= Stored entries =
━━━━━━
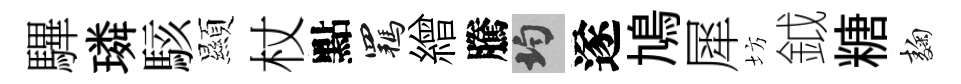
驆璘駭顯杖點羈繒騰均遂鳩犀坊鉞糖麹
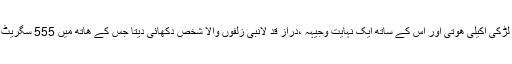
کبھی کبھی وہ لڑکی اکیلی ھوتی اور اس کے ساتھ ایک نہایت وجیہہ ،دراز قد لانبی زلفوں والا شخص دکھائی دیتا جس کے ھاتھ میں 555 سگریٹ کی ڈبیا ھوتی۔
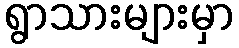
ရွာသားများမှာ
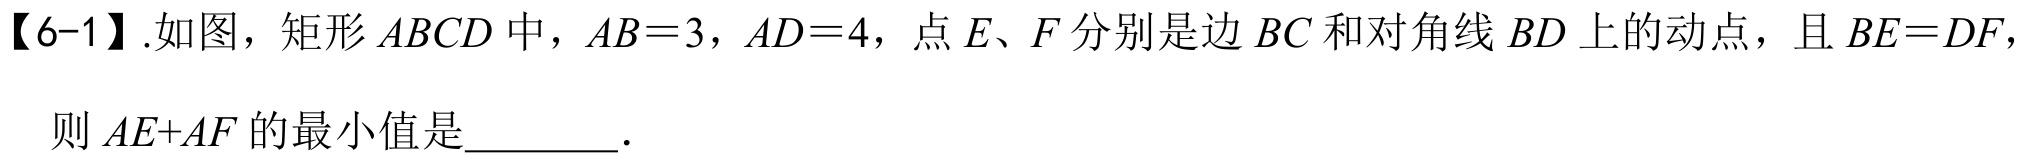
【6-1】.如图，矩形 \(ABCD\) 中，\(AB = 3\)，\(AD = 4\)，点 \(E、F\) 分别是边 \(BC\) 和对角线 \(BD\) 上的动点，且 \(BE = DF\)，则 \(AE + AF\) 的最小值是\_\_\_\_\_．
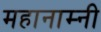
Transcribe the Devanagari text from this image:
महानाम्नी
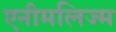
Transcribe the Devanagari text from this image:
एनीमलिज्म
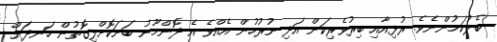
ބެލުކަމުންނެވެ. ރުޅިއާއި ބިރުވެރިކަން އަދި ނުރުހުން އެއްވެ އެ ދޮންމޫނު ބަނަކޮށްލިގޮތުން ހަނދަށް
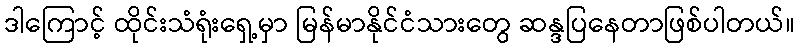
ဒါကြောင့် ထိုင်းသံရုံးရှေ့မှာ မြန်မာနိုင်ငံသားတွေ ဆန္ဒပြနေတာဖြစ်ပါတယ်။
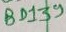
Text: BD139
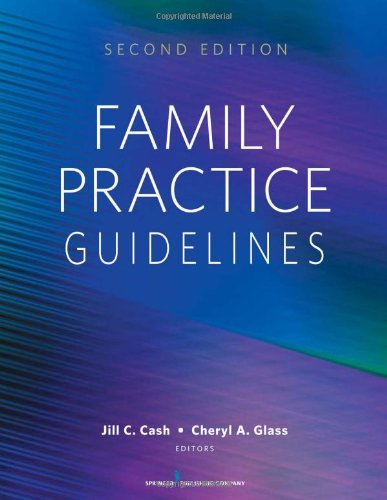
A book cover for Family Practice Guidelines: Second Edition; Jill C. Cash MSN  APN  FNP-BC; Medical Books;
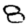
Digit: 8
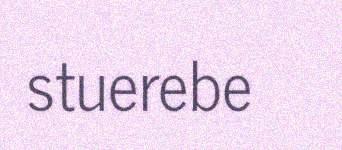
stuerebe
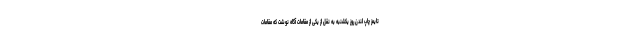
━━━━━━
= Work to complete =
When you return the records, keep every word unchanged and drop the pictures.

= Your solution =
驆璘駭顯杖點羈繒騰均遂鳩犀坊鉞糖麹
کبھی کبھی وہ لڑکی اکیلی ھوتی اور اس کے ساتھ ایک نہایت وجیہہ ،دراز قد لانبی زلفوں والا شخص دکھائی دیتا جس کے ھاتھ میں 555 سگریٹ کی ڈبیا ھوتی۔
ရွာသားများမှာ
【6-1】.如图，矩形 \(ABCD\) 中，\(AB = 3\)，\(AD = 4\)，点 \(E、F\) 分别是边 \(BC\) 和对角线 \(BD\) 上的动点，且 \(BE = DF\)，则 \(AE + AF\) 的最小值是\_\_\_\_\_．
Transcribe the Devanagari text from this image:
महानाम्नी
Transcribe the Devanagari text from this image:
एनीमलिज्म
ބެލުކަމުންނެވެ. ރުޅިއާއި ބިރުވެރިކަން އަދި ނުރުހުން އެއްވެ އެ ދޮންމޫނު ބަނަކޮށްލިގޮތުން ހަނދަށް
ဒါကြောင့် ထိုင်းသံရုံးရှေ့မှာ မြန်မာနိုင်ငံသားတွေ ဆန္ဒပြနေတာဖြစ်ပါတယ်။
Text: BD139
A book cover for Family Practice Guidelines: Second Edition; Jill C. Cash MSN  APN  FNP-BC; Medical Books;
Digit: 8
stuerebe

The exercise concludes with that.